Einhard (according to his own spelling Einhart , also Einhardt ; in the Romance languages Eginhard , Eginardo etc. with non- palatalized g; * around 770 in Maingau ; † March 14, 840 Obermulinheim monastery, today Seligenstadt ) was a Franconian lay abbot , scholar, art expert and Author, one of the most outstanding figures of the Carolingian Renaissance . His most important and best-known work is the Vita Karoli Magni , the biography of Charlemagne . Einhard succeeded his teacher Alcuin as head of the court school of Charlemagne , advisor to Louis the Pious and lay abbot of the monasteries of St. Peter and St. Bavo in Ghent , St. Servatius in Maastricht , St. Cloud near Paris , St.

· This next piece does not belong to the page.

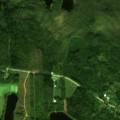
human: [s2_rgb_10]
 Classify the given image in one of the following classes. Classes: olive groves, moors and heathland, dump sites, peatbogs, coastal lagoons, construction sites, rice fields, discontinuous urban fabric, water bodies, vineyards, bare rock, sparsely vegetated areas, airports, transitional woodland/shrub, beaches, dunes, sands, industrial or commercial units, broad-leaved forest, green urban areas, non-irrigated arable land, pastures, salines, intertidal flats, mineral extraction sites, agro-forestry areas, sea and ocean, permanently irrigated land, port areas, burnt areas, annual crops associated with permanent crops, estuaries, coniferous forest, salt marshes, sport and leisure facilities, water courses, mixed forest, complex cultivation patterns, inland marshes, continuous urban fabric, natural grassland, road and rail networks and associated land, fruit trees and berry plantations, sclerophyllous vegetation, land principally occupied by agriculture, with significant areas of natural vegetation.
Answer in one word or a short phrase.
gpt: coniferous forest, mixed forest

Wandrille in Normandy , St. John the Baptist in Pavia, St. Peter in Fritzlar and Steinbach near Michelstadt in the Odenwald and Seligenstadt . Because of his technical talent he was given the name Beseleel in the court school , after the builder of the Jewish tabernacle ( Ex 35,30).

Live and act

Charlemagne and Charles V in the Editio princeps of the Vita Karoli Magni . Johannes Soter, Cologne 1521
Drawing (17th century) of the Einhard Arch, Bibliothèque nationale , Paris

Einhard, who came from a noble East Franconian family, was first brought up in the Fulda monastery . He is documented there between 788 and 791. In 794 he was sent to the court school by Abbot Baugulf von Fulda to further perfect his education, where he became a pupil of Alcuin and soon belonged to the closest circle around Charlemagne.

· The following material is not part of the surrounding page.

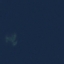
Land use / land cover class: SeaLake
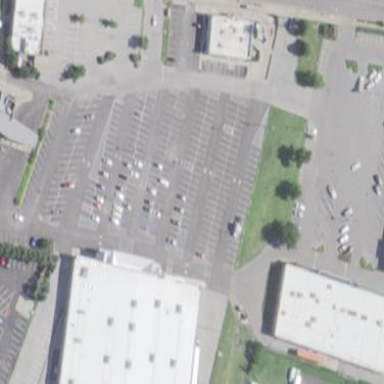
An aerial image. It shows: Retail area.

Einhard was in charge of the construction of numerous buildings by Charlemagne, such as the bridge to Mainz , the Palatinate in Ingelheim and Aachen and the Palatine Chapel in Aachen . He also supervised the court workshops. It is unclear to what extent he himself was artistically or handcrafted, but he seems to have done at least conceptual work. The so-called Einhardsbogen, a triumphal arch-shaped reliquary that he commissioned as a lay abbot for his abbey in Maastricht after 815, has not survived . It served as a base for a cross and shows stylistic contact with the bronze grids of the Marienkirche in Aachen.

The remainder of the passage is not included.